Here’s a glimpse: Venture funding in Q2 reached an impressive $916 million, almost crossing the billion-dollar mark. Fintech is also no longer leading the pack, as energy-focused startups took the lead with $486.9 million in funding. Kenyan startups outperformed the Big 4, securing $462.4 million in funding.
Get the full gist when you download our State of Tech In Africa report.
Moove is not slowing down. The automobile financing startup has raised $76 million in a new round.
This round includes equity and debt and comes from existing and new investors including BlackRock. It also comes soon after Moove raised about $183.3 million in 2022 across four separate funding rounds: $10 million in February, $105 million in March, $20 million in debt funding in June, $18.3 million in October, and$30 million in debt funding in December.
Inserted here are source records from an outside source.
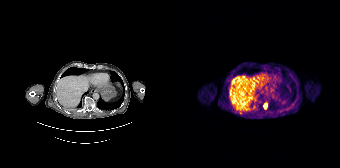
Coordinates are on the 168×168 PET (right) panel. PSMA-avid tumor lesion bounding box (x0, y0)-(x1, y1): (92, 103)-(95, 108). Small PSMA-avid focus (2 to 4 px across) near (center x, center y): (68, 112). Paired axial CT (left) and PSMA PET (right), [68Ga]Ga-PSMA-11 tracer. Acquired on Siemens Biograph 64-4R TruePoint. PET panel 168×168 px (4.1 mm/px).
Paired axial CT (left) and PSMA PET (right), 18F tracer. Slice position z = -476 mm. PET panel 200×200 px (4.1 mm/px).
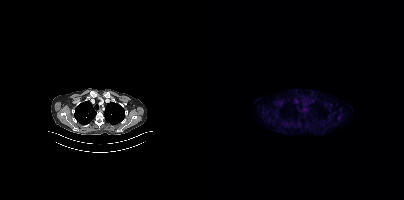
Coordinates are on the 200×200 PET (right) panel. Small PSMA-avid focus (2 to 4 px across) near (center x, center y): (135, 117).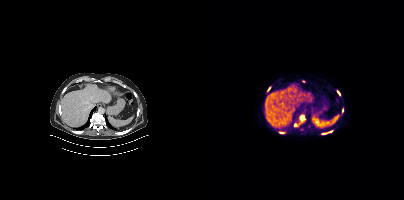
Two-panel axial: CT | PSMA PET, [18F]PSMA-1007 tracer. Slice position z = -600 mm.
Coordinates are on the 200×200 PET (right) panel. PSMA-avid tumor lesion bounding boxes (partial; 1 more focus not listed):
| # | x0 | y0 | x1 | y1 |
|---|---|---|---|---|
| 1 | 96 | 117 | 101 | 121 |
| 2 | 133 | 91 | 136 | 95 |
Small PSMA-avid foci (2 to 4 px across) near (center x, center y): (91, 124); (126, 131).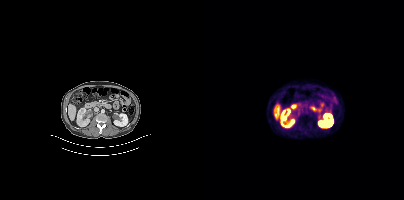
Negative for PSMA-avid disease on this slice.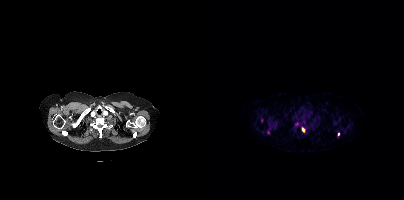
{"modality":"PSMA PET/CT","view":"axial","tracer":"[68Ga]Ga-PSMA-11","pet_grid":[200,200],"coord_frame":"pet_panel","coord_format":"x0,y0,x1,y1","partial":true,"lesion_bboxes":[[98,127,100,132]],"small_foci_centers":[[134,133]]}

Mooving to profitability: Moove says its new funding will be used to help the company achieve profitability over the next 12 months. According to Ladi Delano, a co-CEO, the startup is already profitable in the UAE, India, the UK, and South Africa. With this funding, Moove is valued at $550 million.
Since its launch in 2020, Moove has rapidly expanded its operations within Nigeria and entered new African markets including Ghana, Kenya, Uganda, and South Africa. It has also expanded to other regions across Europe, the Middle East, and Asia.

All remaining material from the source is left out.